There looked to be even more goals in the game, and so it proved. Young Boys started the second period in a more aggressive and purposeful fashion and Ojala levelled the scores on 53 minutes. Raul Bobadilla curled in a cross from the right hand side and the Finn headed brilliantly across Brad Jones with the ball bouncing in off the inside of the post.
Endearingly, Liverpool repeatedly pressed forward whilst continuing to look susceptible at the back. After a Liverpool set piece, Young Boys broke and Bobadilla evaded the challenge of Carragher and Suso before sliding a ball through to Gonzalo Zarate. Clean through on goal, the Argentinian dinked a beautifully executed chip over Brad Jones. For the first time in the game, Liverpool were behind.

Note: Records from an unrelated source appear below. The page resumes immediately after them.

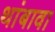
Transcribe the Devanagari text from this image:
थांबावा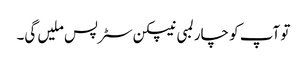
تو آپ کو چار لمبی نیپکن سٹرپس ملیں گی۔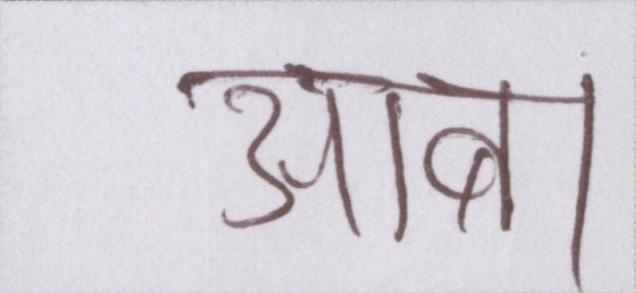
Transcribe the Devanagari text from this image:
आबा
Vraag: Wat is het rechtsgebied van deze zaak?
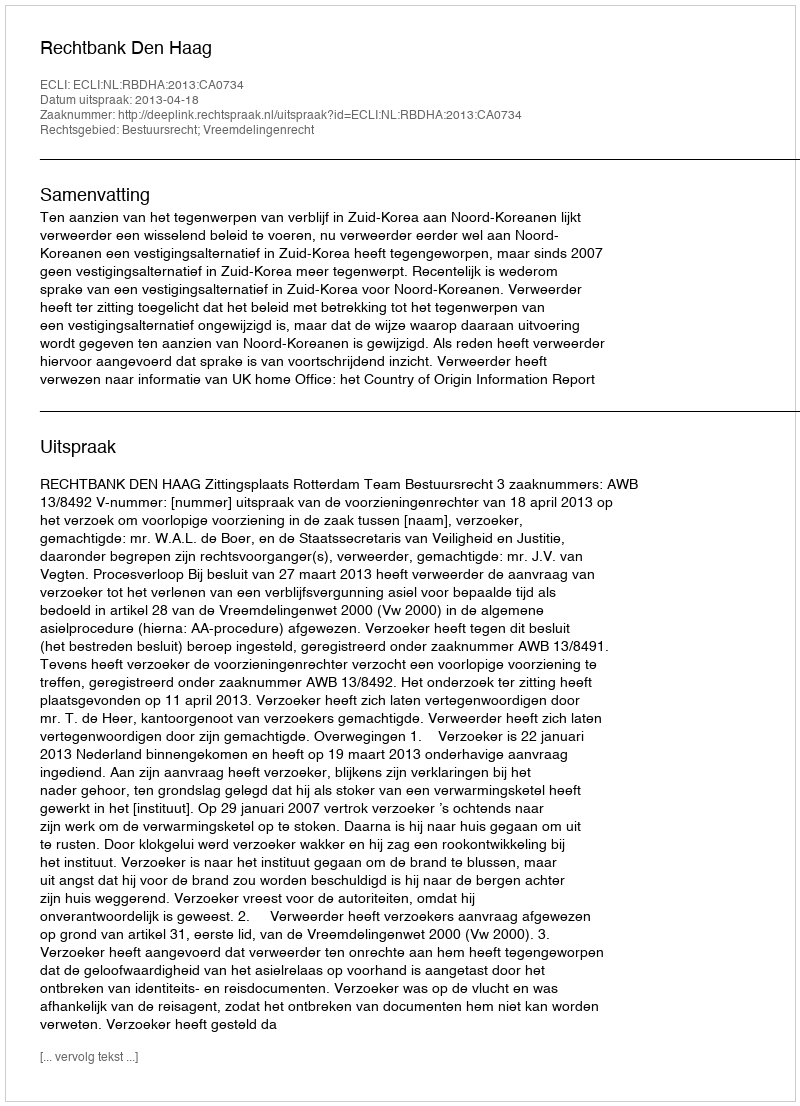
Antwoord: Bestuursrecht; Vreemdelingenrecht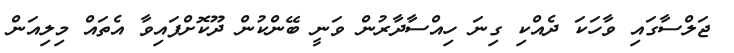
ޖަލްސާގައި ވާހަކަ ދެއްކި ގިނަ ހިއްސާދާރުން ވަނީ ބޭންކުން ދޫކޮށްފައިވާ އެތައް މިލިއަން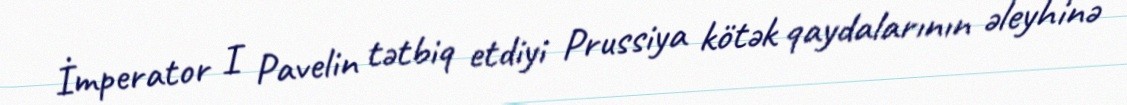
İmperator I Pavelin tətbiq etdiyi Prussiya kötək qaydalarının əleyhinə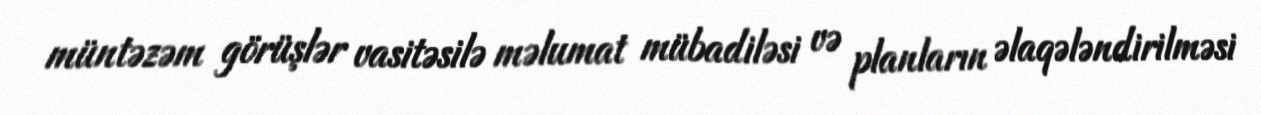
müntəzəm görüşlər vasitəsilə məlumat mübadiləsi və planların əlaqələndirilməsi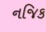
નજિક

By this time though, substitutes Fabio Borini and Jonjo Shelvey were beginning to have a growing influence on the game and Liverpool looked threatening with every attack. The inevitable equaliser came on 70 minutes when Sebastian Coates headed another Sahin corner towards goal; the ball fell perfectly to Borini who failed to get a touch, but this only served to distract Marco Wolfli and the ball bounced high into the net.
A draw would have been an acceptable result in the circumstances, but Liverpool continued to go for the jugular and went ahead yet again on 76 minutes. A fast flowing move started with Borini sprinting down the left hand side, the Italian then played a great pass across the edge of the box to the impressive Jordan Henderson, he cushioned an intelligent ball back inside to Jonjo Shelvey who nudged it home from close range.

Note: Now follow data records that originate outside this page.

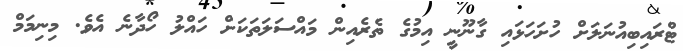
ޓްރައިބިއުނަލަށް ހުށަހަޅައި ގާނޫނީ އިމުގެ ތެރެއިން މައްސަލަތަކަށް ހައްލު ހޯދާނެ އެވެ. މިނިމަމް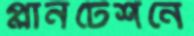
প্লানটেশনে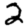
Digit: 2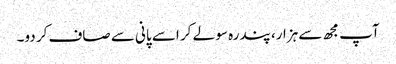
آپ مجھ سے ہزار، پندرہ سو لے کر اسے پانی سے صاف کر دو۔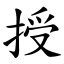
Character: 授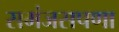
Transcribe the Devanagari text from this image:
समंजसपणा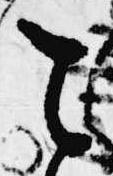
こ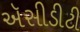
ઍસીડીટી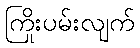
ကြိုးပမ်းလျက်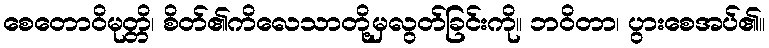
စေတောဝိမုတ္တိ၊ စိတ်၏ကိလေသာတို့မှလွတ်ခြင်းကို။ ဘဝိတာ၊ ပွားစေအပ်၏။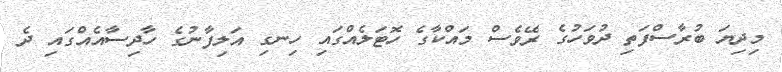
މިދިޔަ ބުރާސްފަތި ދުވަހުގެ ރޭވެސް މައްކާގެ ހޮޓަލެއްގައި ހިނގި އަލިފާނުގެ ހާދިސާއެއްގައި ދެ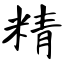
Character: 精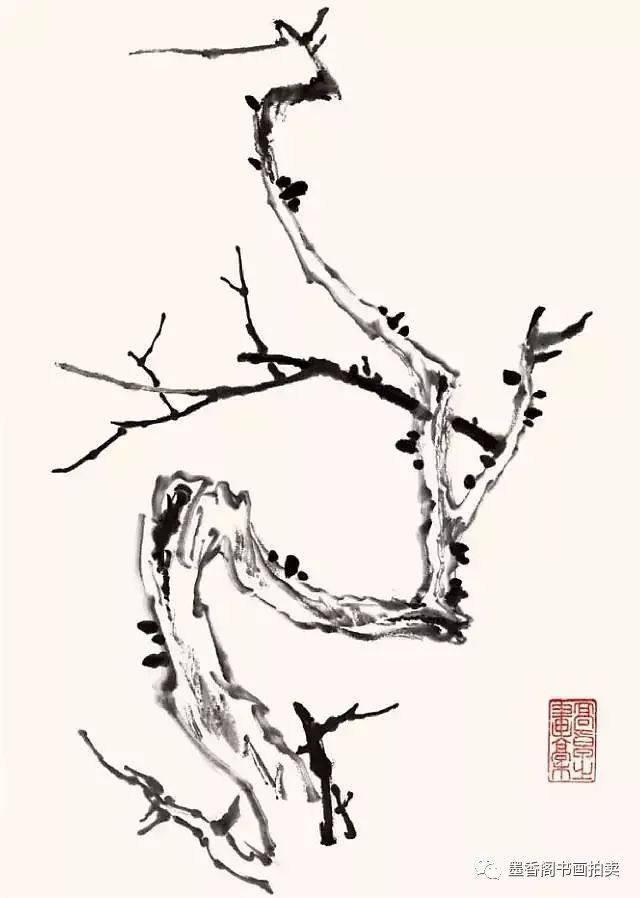
试问梅花何处好，与君藉草携壶。

Shelvey’s cameo performance was one of the highlights of the evening and he capped a fine attacking performance from Liverpool with a classy goal on 88 minutes. After a marauding run through the centre of the park, he dropped a shoulder, drifted around Spycher and fired a powerful left footed strike past Wolfli.

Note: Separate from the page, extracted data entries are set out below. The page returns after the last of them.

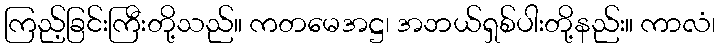
ကြည့်ခြင်းကြီးတို့သည်။ ကတမေအဋ္ဌ၊ အဘယ်ရှစ်ပါးတို့နည်း။ ကာလံ၊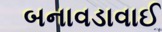
બનાવડાવાઈ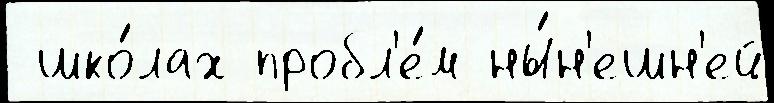
 шко́лах пробл'е́м ны́н'ешн'ей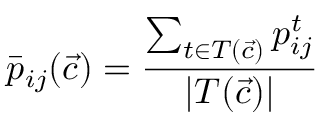
\bar { p } _ { i j } ( \vec { c } ) = \frac { \sum _ { t \in T ( \vec { c } ) } p _ { i j } ^ { t } } { | T ( \vec { c } ) | }

In many ways, Liverpool’s performance was befitting of a young team. It contained bags of enthusiasm, energy and an attacking verve that was thrilling to watch at times. A dose of defensive naivety made it a difficult evening but it should be noted that Liverpool’s rearguard (with the exception of Wisdom) was their most experienced area of the pitch, so generally speaking, Rodgers will be concerned about the team’s ongoing defensive frailty.
In terms of individual performances from the club’s youngsters and debutants, Andre Wisdom displayed a assuredness and composure beyond his tender years. Holistically speaking, the performance of Suso was disjointed but he looks to be an intelligent footballer with a lovely left foot. He had some classy moments which suggests that he will feature prominently in the forthcoming months and years.
Daniel Pacheco had a largely forgettable evening and his performance did little to suggest that his career at Anfield could in some way be resurrected. Oussama Assaidi was fairly quiet but he looks to have a tricky turn of pace and skill that could well prove to be a notable asset for Rodgers to call upon.
Man of the Match: Andre Wisdom. Apart from his goal, not only did Wisdom defend well but his distribution and ability to turn skilfully out of some difficult positions gave the impression that he has been part of the first team for several years – not bad for a 19-year-old. He was very closely followed by Jordan Henderson, who rarely gave the ball away all evening and far from sulking about his recent omission from the first team, he rolled his sleeves up and churned out a lung-busting performance in the heart of Liverpool’s midfield.